19 octobre > Essai France > Etienne Klein et Alice Calaprice

Albert Einstein habitait un étrange pays dénommé nulle part. Il fut selon l’expression d’Etienne Klein un "génie du non-lieu". Et visiblement, il était à son aise dans ce territoire sans frontières, seulement délimité par sa curiosité illimitée. Sans doute fallait-il un physicien adepte de sports d’endurance comme l’ultra-trail pour se lancer le défi d’aller visiter un tel pays. Mais c’est plutôt en voiture et à vélo que l’auteur de En cherchant Majorana (Folio, 2015), directeur du Laboratoire de recherches sur les sciences de la matière au Commissariat à l’énergie atomique (CEA), est parti sur les traces de ce génie qui bouleversa la physique en publiant en 1905 cinq articles extraordinaires.

En suivant l’errance européenne d’Einstein, en Suisse (Aarau, Zurich), en République tchèque (Prague) et en Belgique (Le Coq-sur-Mer), Etienne Klein s’attarde sur sa personnalité et sur ses travaux. Toujours en mouvement, Einstein voyageait avec son laboratoire ambulant : son cerveau. "Si la physique avait été un poulet, il eût voulu le dépiauter, le découper, le désosser." C’est dans ce cerveau qu’il réalisait ses "expériences de pensée" aussi efficaces que mystérieuses, en quête d’"une formule totalisante qui expliquerait en un seul souffle la chute des corps, l’éclat du diamant, l’instabilité du radium, la transmission de la lumière et des ondes radio, et même la composition de la matière".

A lire Etienne Klein, on réalise ce labeur incessant pour se saisir de l’univers. Le père de la théorie de la relativité considérait d’ailleurs que "tout ce qui constitue la science n’est jamais que l’affinement de nos pensées quotidiennes". Dans les citations retenues par Alice Calaprice pour Les sautes d’humour d’Albert Einstein, on voit se dessiner en creux le portrait d’un savant qui n’a jamais cessé d’éprouver la joie de penser. "Je n’ai pas de talent particulier. Je suis juste passionnément curieux."

Cette curiosité est au cœur de la démarche d’Etienne Klein. Il explique comment, avec Einstein, la vitesse de la lumière change de statut pour devenir une constante universelle de la physique. Il raconte aussi pourquoi la notion de temps, auquel il a consacré plusieurs livres, le fascine.

"Qu’aurais-je fait sans Einstein ?" se demande-t-il sur la terrasse de l’hôtel Bellevue à Berne, la ville de l’Institut fédéral de la propriété intellectuelle où Albert examinait les dossiers pour l’obtention d’un brevet d’invention.
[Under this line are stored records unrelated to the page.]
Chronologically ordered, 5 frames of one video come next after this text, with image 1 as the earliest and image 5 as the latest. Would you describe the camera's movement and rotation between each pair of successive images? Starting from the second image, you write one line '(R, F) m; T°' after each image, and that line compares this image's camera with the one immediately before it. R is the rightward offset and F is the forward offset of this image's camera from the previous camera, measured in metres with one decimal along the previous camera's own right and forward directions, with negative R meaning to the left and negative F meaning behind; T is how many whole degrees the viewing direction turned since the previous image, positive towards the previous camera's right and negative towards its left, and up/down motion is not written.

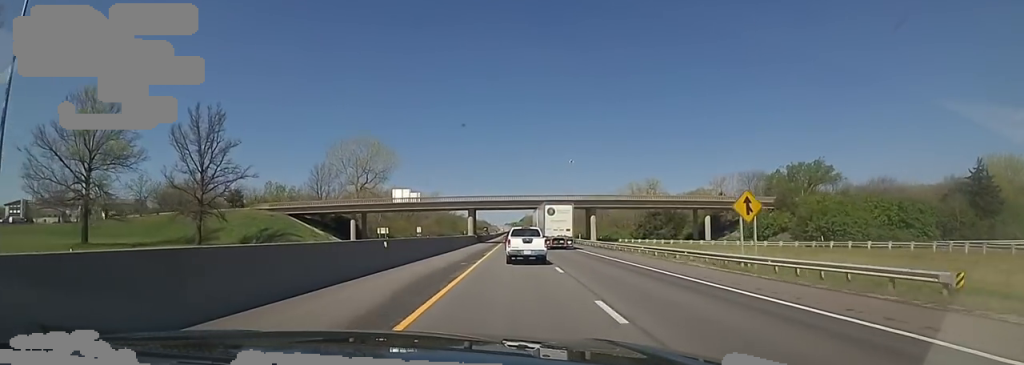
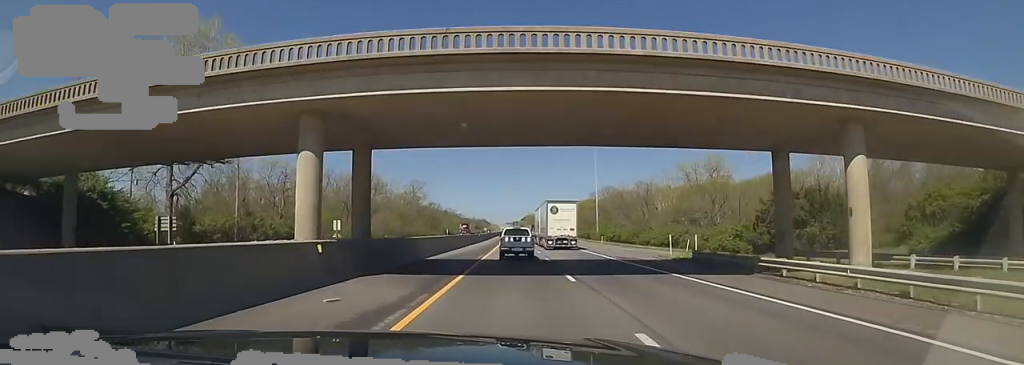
(0.0, +52.1) m; 0°
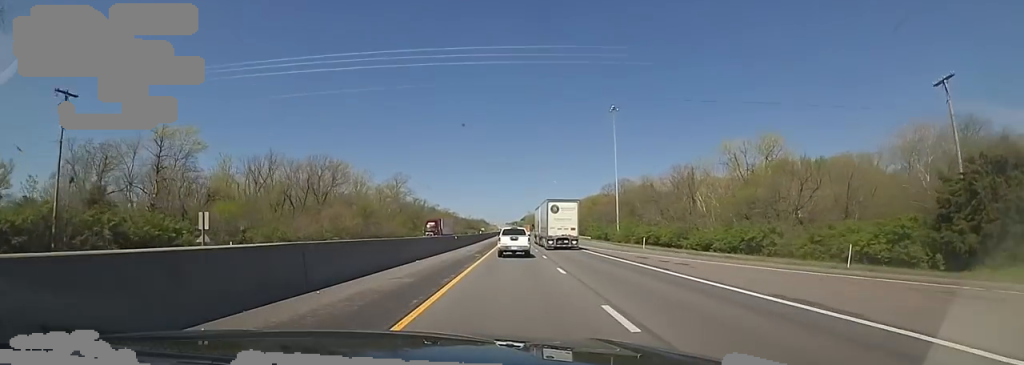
(0.0, +26.6) m; 0°
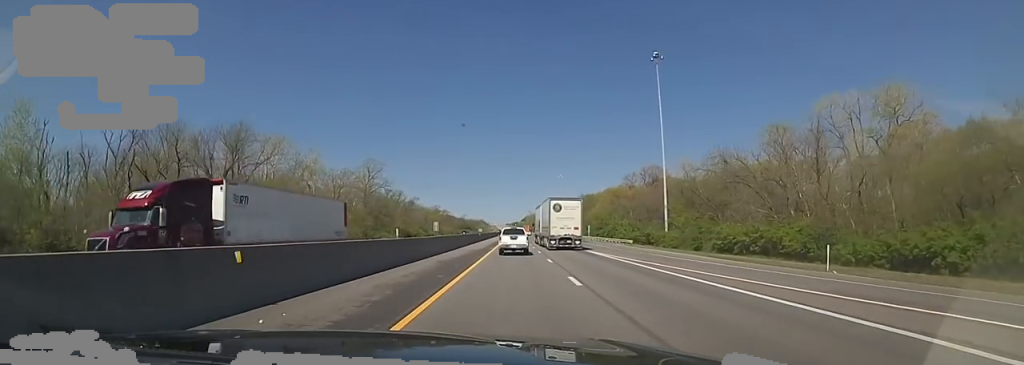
(0.0, +33.0) m; 0°
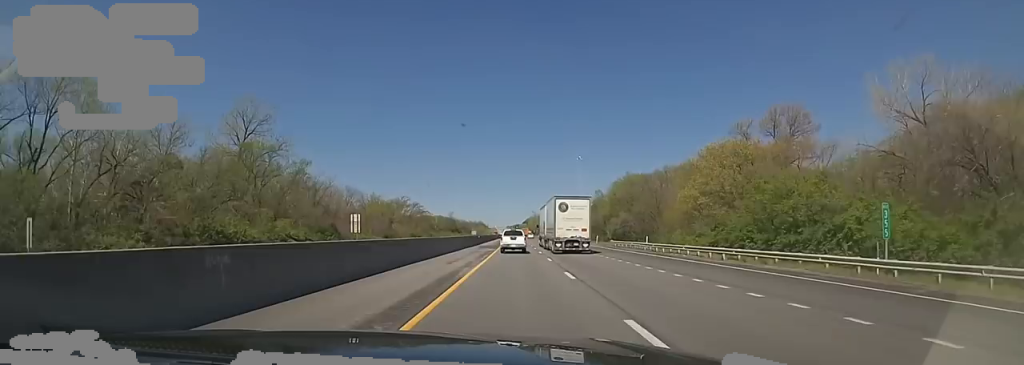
(0.0, +66.3) m; -1°

Peut-être n’aurait-il pas montré cette habileté à se saisir de notions complexes pour les traduire dans un langage accessible. Peut-être tire-t-il ce plaisir d’écriture que l’on retrouve dans le dialogue qu’il imagine entre Galilée et Einstein de cette figure de la science vécue comme une aventure sans pareille.

Tous ceux que la science fait rêver, tous ceux qui pensent que le nom d’Einstein ne se résume pas à E = mc2, tous ceux enfin qui éprouvent du plaisir à comprendre suivront les pas d’Etienne Klein mettant les siens dans ceux de l’illustre savant. Comme Magritte, on peut dire : ceci n’est pas une biographie. Mais c’est un sacré bon livre. L. L.